What you do after your workout is often times even more important than what you did for you workout. Whoa. That is a big deal! If you aren't taking care of your body after you run, your body is not going to take care of you during your runs. If you want to lessen your fatigue and soreness and decrease your recovery time, you need to be doing the right things within fifteen to twenty minutes of finishing your workout.
The mistake most runners, including myself, often make is to stop as soon as you are done running. You are going at a good pace and then suddenly come to a dead stop?! Your muscles are bound to tighten up immediately! When you finish a run, don't stop and just stand there. Walk around until your heart rate lowers and your breathing returns to normal. By normal I mean you can carry on a conversation without gulping for air and you aren't panting like a dog anymore.
First off after your heart rate and breathing return to normal, you need to get some calories in you quick. A "rule" I heard somewhere was get in about 100 calories as soon as you can, especially on your harder workout days. The BEST recovery drink is chocolate milk. I know it sounds like it would be disgusting when you are panting at the finish wondering if you are going to be seeing your breakfast again....but it is so good for your body. To read about why check out this website http://www.refuelwithchocolatemilk.com/science/. It has all your chocolate milk science questions. Also, you can read this study if you are an exercise physiology nerd like me http://oakbrooksc.com/docs/stager_chocmilk_study.pdf
I've found it hard to stomach anything right after a run, but you can train your body to accept certain things. Lately I've been bringing a fruit leather or some fruit snacks to eat immediately after I finish. I can't even tell you how much of a difference I've noticed in reduced soreness and how I seem to not be tired the next day when I should be. It has also gotten a lot easier for me to eat after I finish because my body is used to it.
Another easy, quick calorie thing you can consume after a workout is Powerade or Gatorade. It's easy to stomach, refreshing, and it's got the calories you need. However, keep in mind you have to drink almost a whole Gatorade bottle to get 100 calories.

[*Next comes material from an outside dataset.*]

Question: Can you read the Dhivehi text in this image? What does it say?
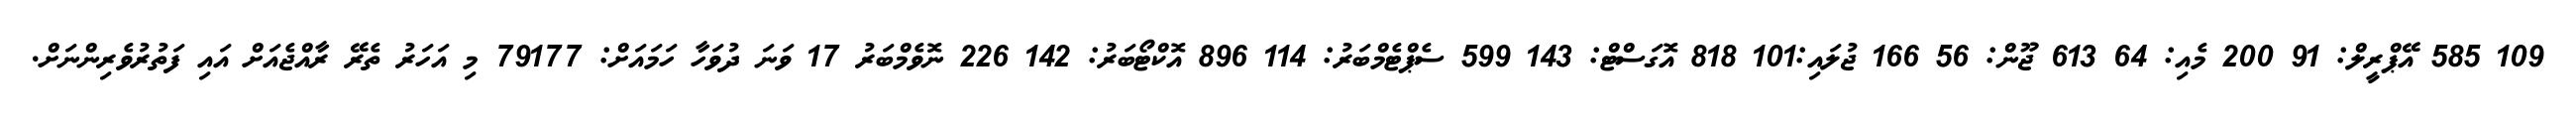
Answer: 109 585 އޭޕްރީލް: 91 200 މެއި: 64 613 ޖޫން: 56 166 ޖުލައި:101 818 އޮގަސްޓް: 143 599 ސެޕްޓެމްބަރު: 114 896 އޮކްޓޯބަރު: 142 226 ނޮވެމްބަރު 17 ވަނަ ދުވަހާ ހަމައަށް: 79177 މި އަހަރު ތެރޭ ރާއްޖެއަށް އައި ފަތުރުވެރިންނަށް.
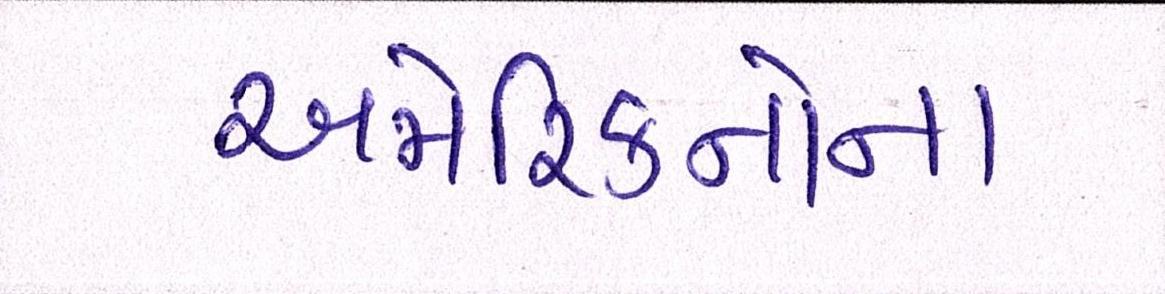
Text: અમેરિકનોના
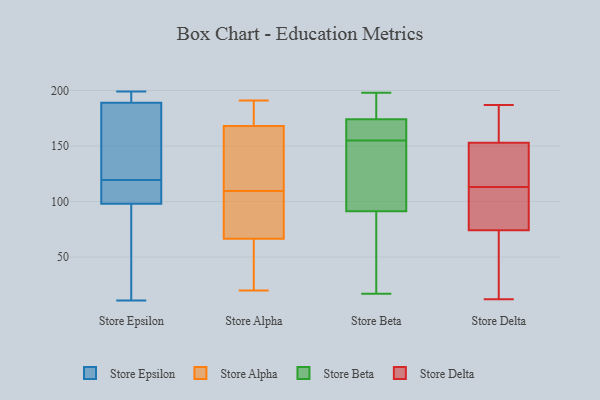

The next important thing to do within 15 minutes is stretch. I've talked about stretching before, you can find that post HERE. For a quick reminder, hold each stretch for 15-30 seconds and repeat it two to three times. Try and target each of these muscle groups: calves, shins (anterior tibialis), hamstrings, quadriceps, IT band (iliotibial tract), hips, and butt (all your gluteal muscles...minimus, medialis and maximus). You can be creative in stretching; if you have a sore muscle, experiment until you find a position that causes it to stretch. Don't do quick bouncy movements. With post-workout stretching everything should be nice, slow and relaxed.
I like include my ab workout as part of my post workout routine. It keeps me motivated to do it because I am getting it done as part of my time set aside for running; I don't have to find other time throughout the day to do it. For a good ab workout, check out my How to Get Sexy Abs post :) A few crunches in between your stretches can keep you from getting bored of stretching and not doing the quality your muscles need.
Next time you finish your workout, remember to take care of your body. Ask yourself how you want to be feeling tomorrow, instead of how you are feeling at the moment. Take care of your body and it will take care of you
Every morning in Africa a gazelle wakes up. It knows it must outrun the fastest lion or it will be killed. Every morning in Africa a lion wakes up. It knows it must run faster than the slowest gazelle or it will starve. It doesn't matter whether you're a lion or a gazelle-when the sun comes up, you'd better be running.